MXParser tokenization fails when PI is before first tag
belingueres opened this issue · 3 comments
Consider these valid XML documents:
<?a?>
<test>nnn</test>
and
<?xml version="1.0" encoding="UTF-8"?>
<?a?>
<test>nnn</test>
Those tests fail then parsing the PI, returning instead START_DOCUMENT.
@Test
public void testProcessingInstructionTokenizeBeforeFirstTag()
throws Exception
{
String input = "<?a?><test>nnn</test>";
MXParser parser = new MXParser();
parser.setInput( new StringReader( input ) );
assertEquals( XmlPullParser.PROCESSING_INSTRUCTION, parser.nextToken() );
assertEquals( XmlPullParser.START_TAG, parser.nextToken() );
assertEquals( XmlPullParser.TEXT, parser.nextToken() );
assertEquals( XmlPullParser.END_TAG, parser.nextToken() );
}
@Test
public void testProcessingInstructionTokenizeAfterXMLDeclAndBeforeFirstTag()
throws Exception
{
String input = "<?xml version=\"1.0\" encoding=\"UTF-8\"?><?a?><test>nnn</test>";
MXParser parser = new MXParser();
parser.setInput( new StringReader( input ) );
assertEquals( XmlPullParser.PROCESSING_INSTRUCTION, parser.nextToken() );
assertEquals( XmlPullParser.PROCESSING_INSTRUCTION, parser.nextToken() );
assertEquals( XmlPullParser.START_TAG, parser.nextToken() );
assertEquals( XmlPullParser.TEXT, parser.nextToken() );
assertEquals( XmlPullParser.END_TAG, parser.nextToken() );
}
I think the problem is the parsePI() method: it returns false when parsing the xml declaration (<?xml ...?>
), which sets the event to PROCESSING_INSTRUCTION, but returns true when encounters another PI, which set the event to START_DOCUMENT. The logic should be exactly the inverse.

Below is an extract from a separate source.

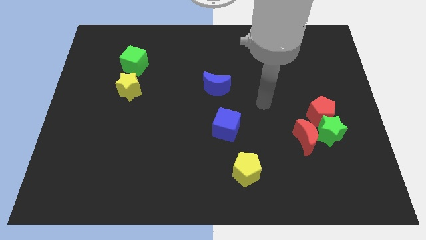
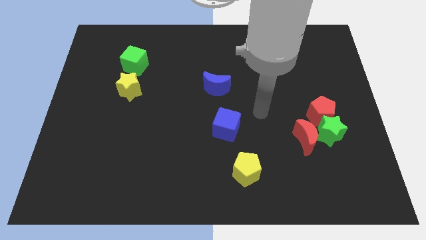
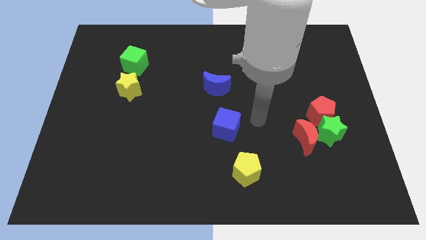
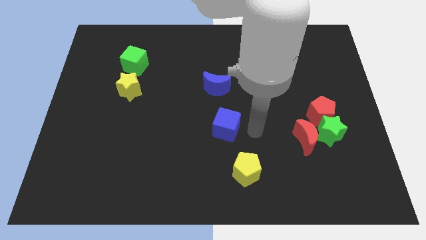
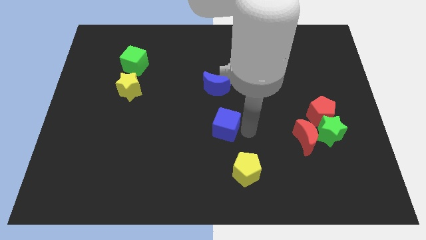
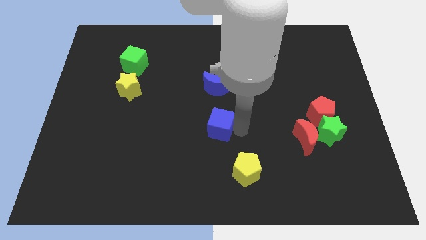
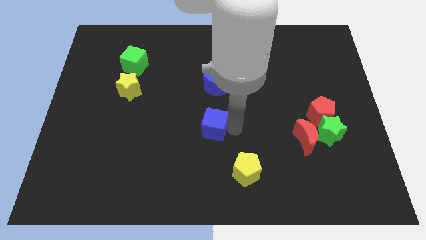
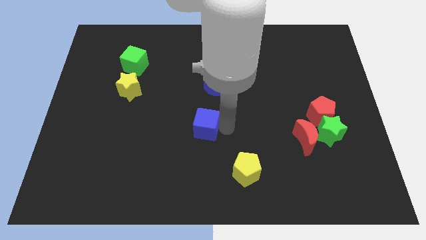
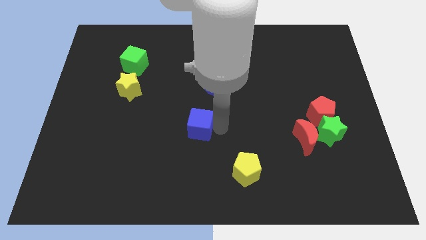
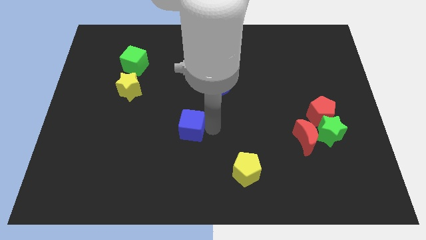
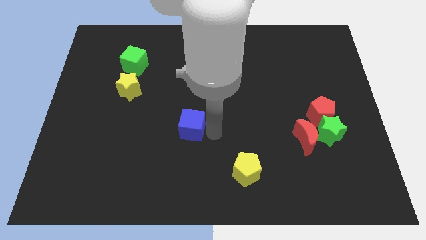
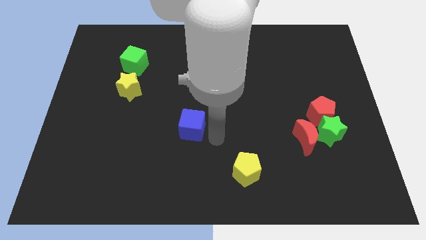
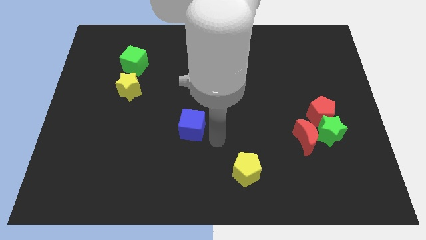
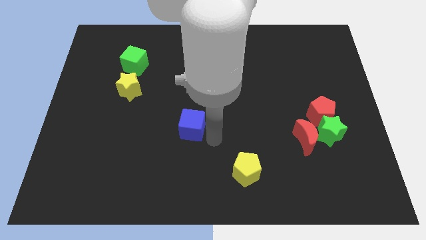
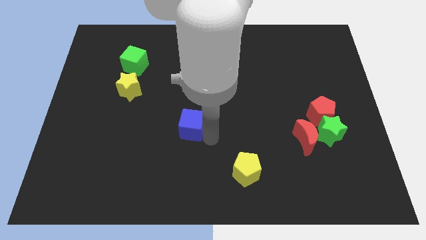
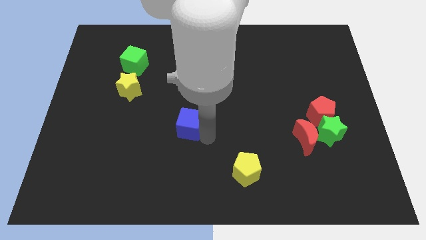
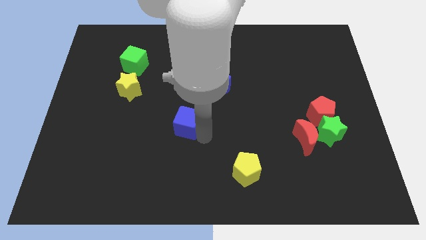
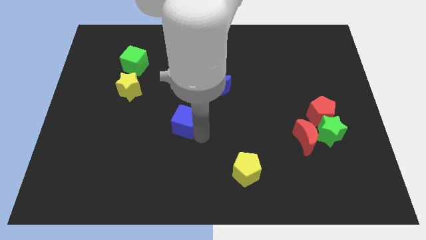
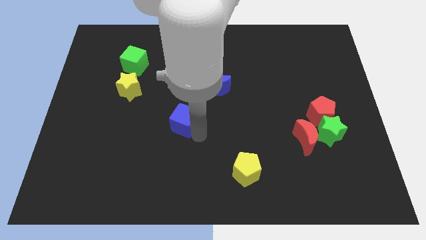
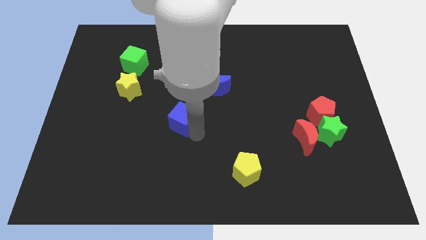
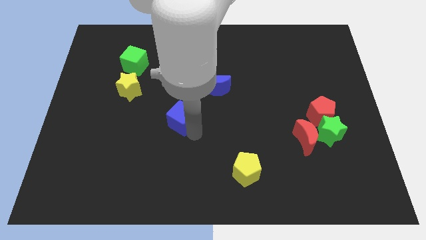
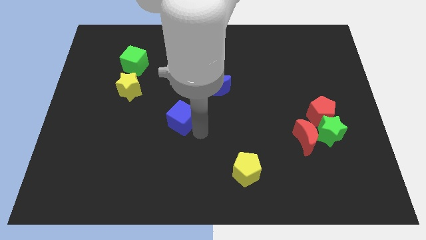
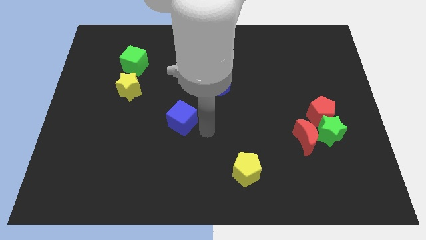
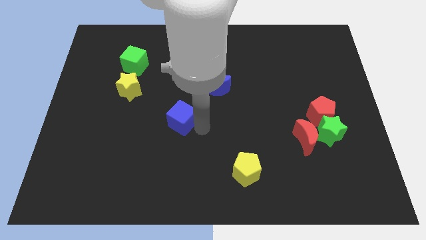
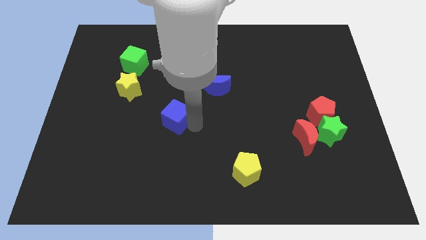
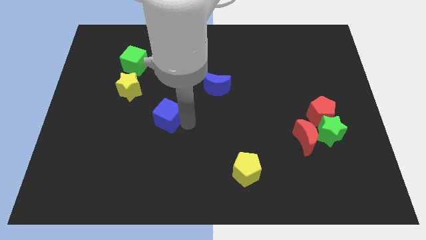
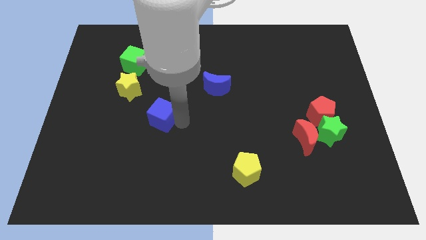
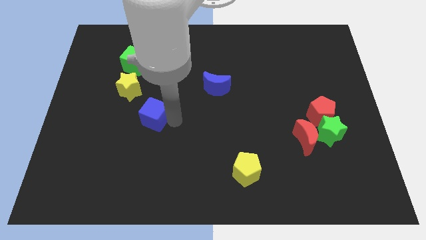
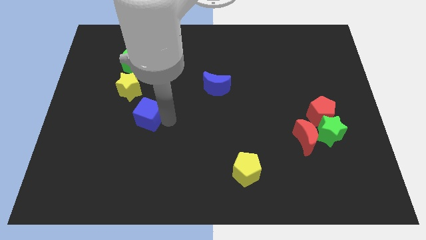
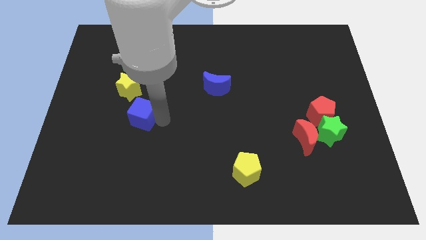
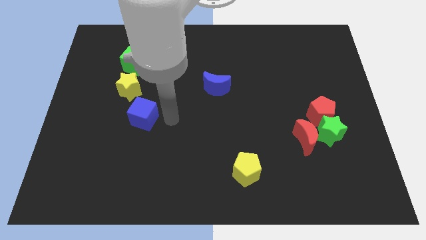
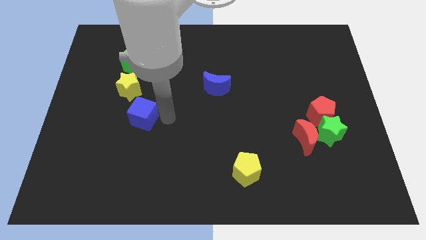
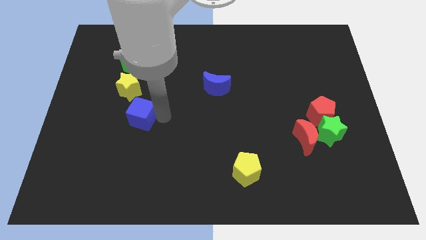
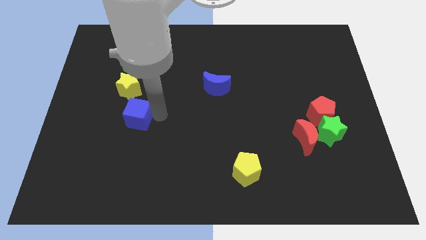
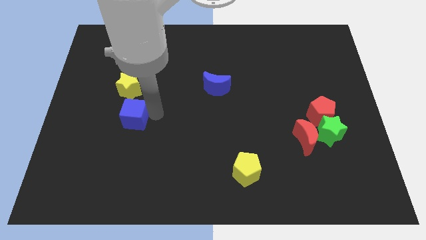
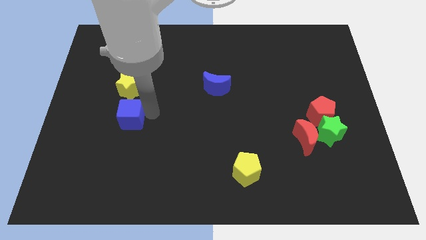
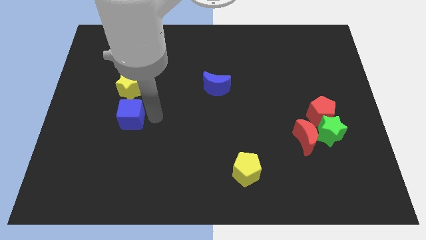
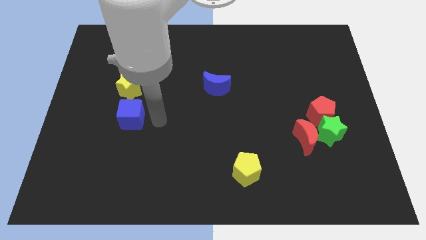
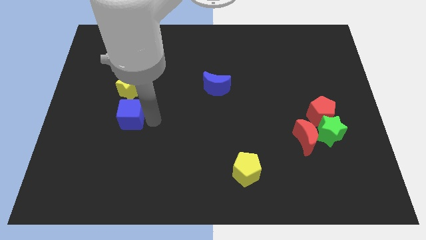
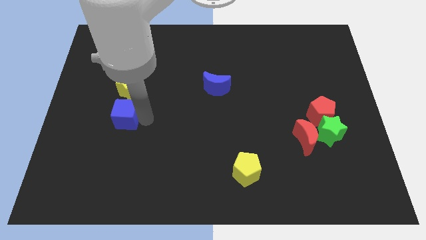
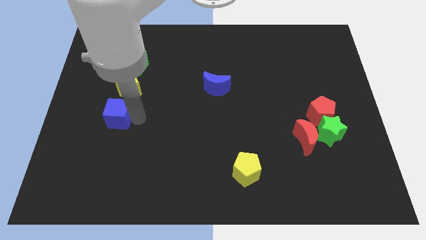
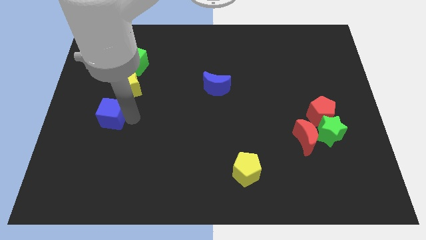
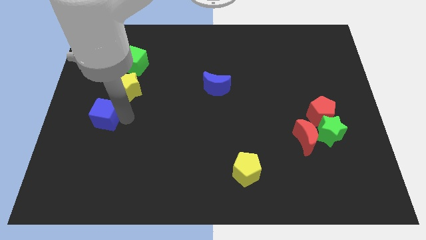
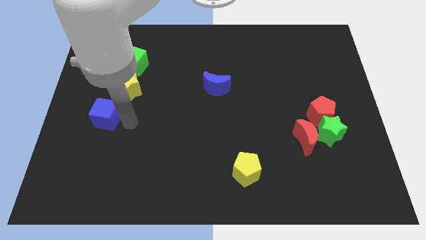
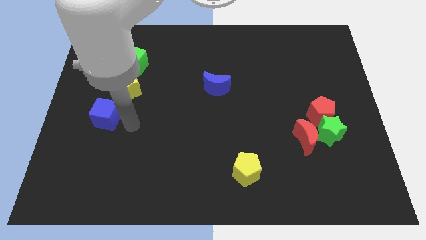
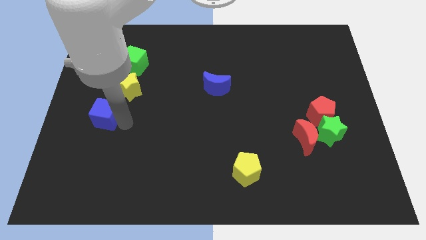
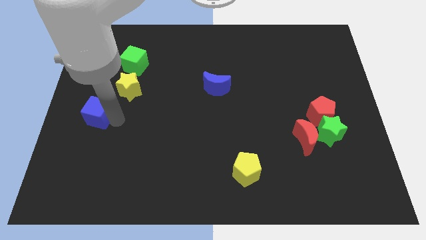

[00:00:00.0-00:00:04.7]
slide the blue cube to the left side of the board

However this breaks several tests (and surely several apps).
A middle point may be to always return false from parsePI() so that always return PROCESSING_INSTRUCTION? WDYT?
Just tested, tests still fail.
@belingueres @michael-o I also come up with the same fix. Also, according to the javadoc for START_DOCUMENT
, this event should only be returned before the parser actually parses anything, which goes in the same way.
The PR does that and fixes both tests.